[SOLVED] Simulating thousands of regressions and obtaining p-values

Simulating thousands of regressions and obtaining p-values

I'm looking to do some basic simulation in R to examine the nature of p-values. My goal is to see whether large sample sizes trend towards small p-values. My thought is to generate random vectors of 1,000,000 data points, regress them on each other, and then plot the distribution of p-values and look for skew.

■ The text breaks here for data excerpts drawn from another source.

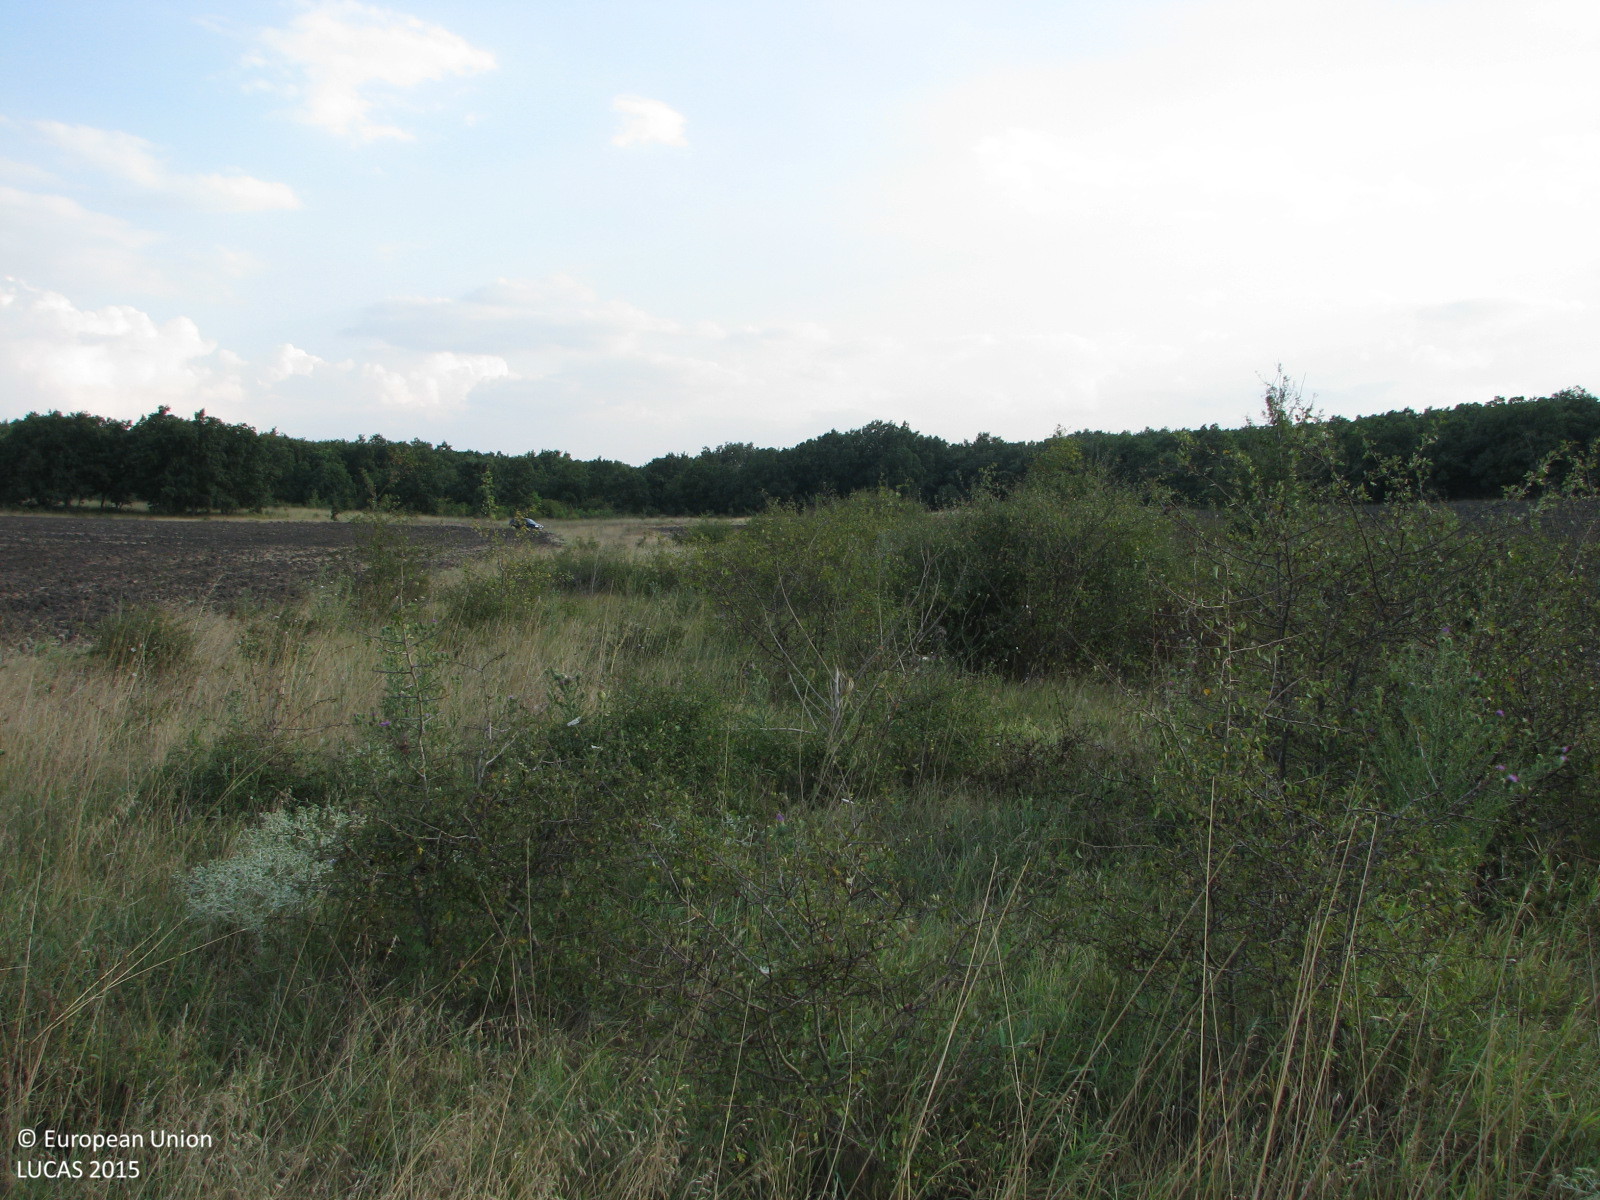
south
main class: Grassland
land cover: Grassland with sparse tree/shrub cover
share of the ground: > 75 %
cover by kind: herbaceous plants 85 %, shrubs 10 %, broadleaved forest trees 5 %
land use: Abandoned areas
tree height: < 5 m
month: August
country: BG
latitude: 42.1497
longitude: 26.8565

This is what I was thinking so far:

x1 = runif(1000000, 0, 1000) 
x2 = runif(1000000, 0, 1000) 
model1 = lm(x2~x1)

Using code taken from another thread:

lmp <- function (modelobject) {
    if (class(modelobject) != "lm") stop("Not an object of class 'lm' ")
    f <- summary(modelobject)$fstatistic
    p <- pf(f[1],f[2],f[3],lower.tail=F)
    attributes(p) <- NULL
    return(p)
  }
lmp(model1) 
0.3874139

Any suggestions for how I might do this for 1000 models or even more? Thanks!

Solution

see ?replicate ... but the p-value you're calculating assumes gaussian errors not uniform ones (not that this will matter much at n=10^6)

Specifically, something like this:

nrep <- 1000
ndat <- 1000000
results <- replicate(nrep, {
     x1=runif(ndat, 0, 1000);
     x2=runif(ndat, 0, 1000);
     model1=lm(x1 ~ x2);
     lmp(model1)
     })

should work, but it will take a long time to run.

I'd suggest making nrep and ndat smaller to try it out.